Les manifestants ont agité des pantoufles alors qu’ils faisaient la queue pendant des heures pour promettre leur soutien aux candidats se présentant contre le président Alexandre Loukachenko lors des prochaines élections biélorusses.
Les candidats de l’opposition ont besoin d’au moins 100 000 signatures pour pouvoir se présenter contre M. Loukachenko le 9 août.
Dimanche, dans la capitale biélorusse de Minsk, il y avait des files d’électeurs de près d’un mile de long, dont beaucoup portaient des masques et des pantoufles brandissantes.
La pantoufle est devenue un symbole du mouvement de protestation, qui espère renverser M. Loukachenko après 26 ans au pouvoir. Selon le mouvement, le président représente un cafard et les chaussures une arme pour « l’écraser » avec lui.

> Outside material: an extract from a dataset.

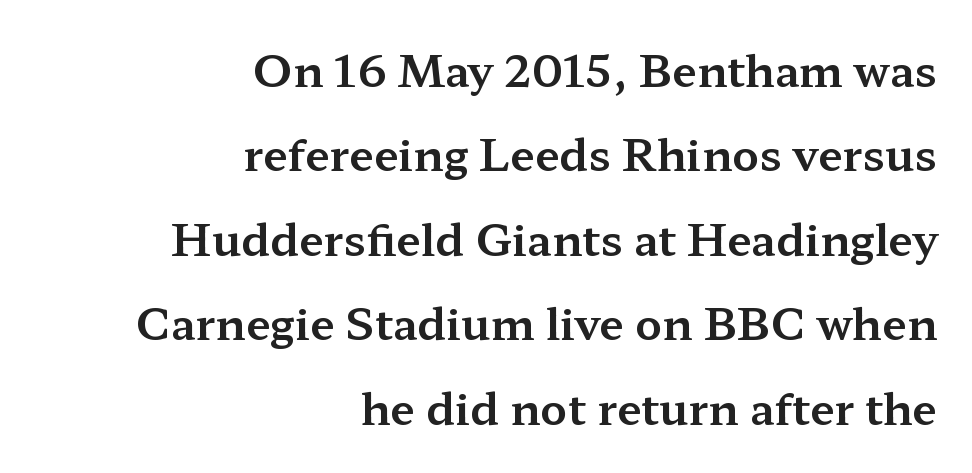
In terms of letterspacing, this is plain default setting. Italic? Not at all — the glyphs are vertical. Looks like regular typesetting: each glyph gets only the width it needs. The baseline area is clear. Alignment: flush right.

Un électeur, un ingénieur appelé Seymon, a déclaré: « Je voudrais que cette action montre qu’un grand nombre de personnes ne sont pas satisfaites de ce qui se passe dans le pays, sont prêtes à descendre dans la rue et à montrer aux autorités que le moment est venu pour changer. »
Viktor Babariko, ancien chef de l’unité locale de Gazprombank en Russie, a déjà obtenu 85 000 signatures.

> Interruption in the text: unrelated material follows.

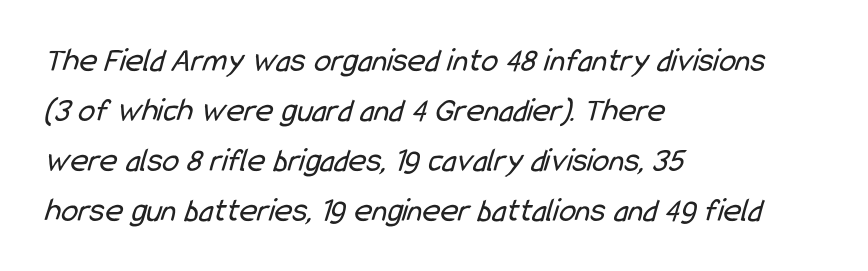
The image shows 34 px regular-weight, condensed sans-serif type; set left-aligned, normal line spacing (1.47x), normal letter spacing, not underlined; low stroke contrast and a medium x-height.

La police a arrêté deux candidats de l’opposition ces derniers jours, mais M. Loukachenko veille à ne pas aliéner l’Occident au milieu des plaintes pour violations des droits de l’homme.
L’homme de 65 ans, qui fait face à son plus grand défi politique à ce jour, a tenté de prendre ses distances avec Moscou, malgré un traité d’union de longue date. Le Kremlin a déjà coupé l’approvisionnement en pétrole et imposé des sanctions.

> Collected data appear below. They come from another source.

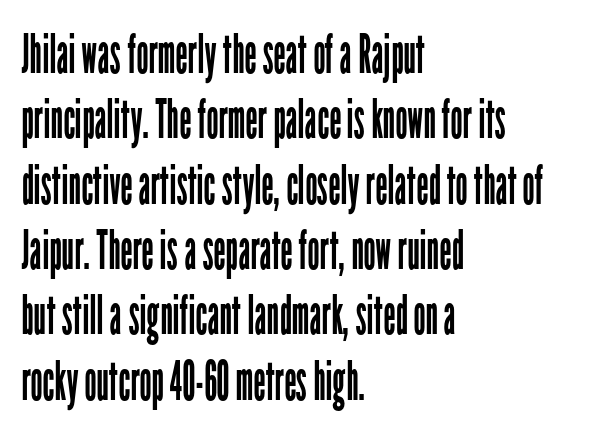
The image shows 54 px regular-weight, condensed sans-serif type, upright; set left-aligned, line spacing 1.21x, normal letter spacing, not underlined; low stroke contrast and a medium x-height.
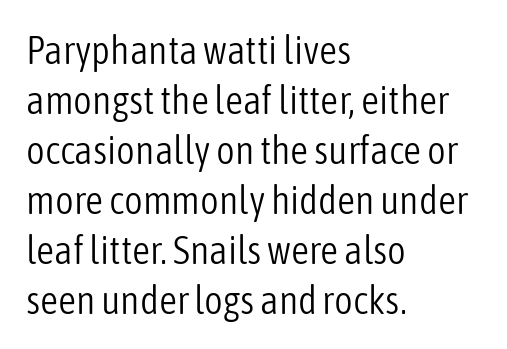
{"serif": "no", "italic": "no", "bold": "no", "weight": "light", "width": "condensed", "stroke_contrast": "low", "x_height": "medium", "monospaced": "no", "underline": "no", "align": "left", "line_spacing": "normal", "line_spacing_ratio": 1.25, "letter_spacing": "normal", "letter_spacing_em": 0.0, "glyph_px": 40}
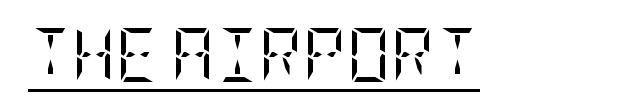
{"serif": "yes", "italic": "no", "bold": "no", "weight": "regular", "width": "condensed", "stroke_contrast": "low", "x_height": "large", "underline": "yes", "letter_spacing": "normal", "letter_spacing_em": 0.0, "glyph_px": 54}

Hier, M. Loukachenko a comparé des partisans de l’opposition à des gangs criminels et les a accusés d’alimenter des tensions similaires aux manifestations de Maidan en 2014 qui ont renversé le président ukrainien soutenu par la Russie, Vitkor Ianoukovitch.
Il y a eu un énorme contrecoup sur sa réponse à la coronavirus crise après avoir conseillé aux gens de « boire de la vodka » et « aller aux saunas » pour conjurer COVID-19[feminine.
Au début de la pandémie, au lieu d’annuler des matches de football comme d’autres pays, il les laisse aller de l’avant sans mesures de distanciation sociale et participe à un match de hockey sur glace fin mars.
Décrivant le sport comme le « meilleur remède anti-virus », il a déclaré: « Il vaut mieux mourir debout sur ses pieds que de vivre à genoux. »
Le Bélarus a enregistré 44 255 cas confirmés de virus et 243 décès.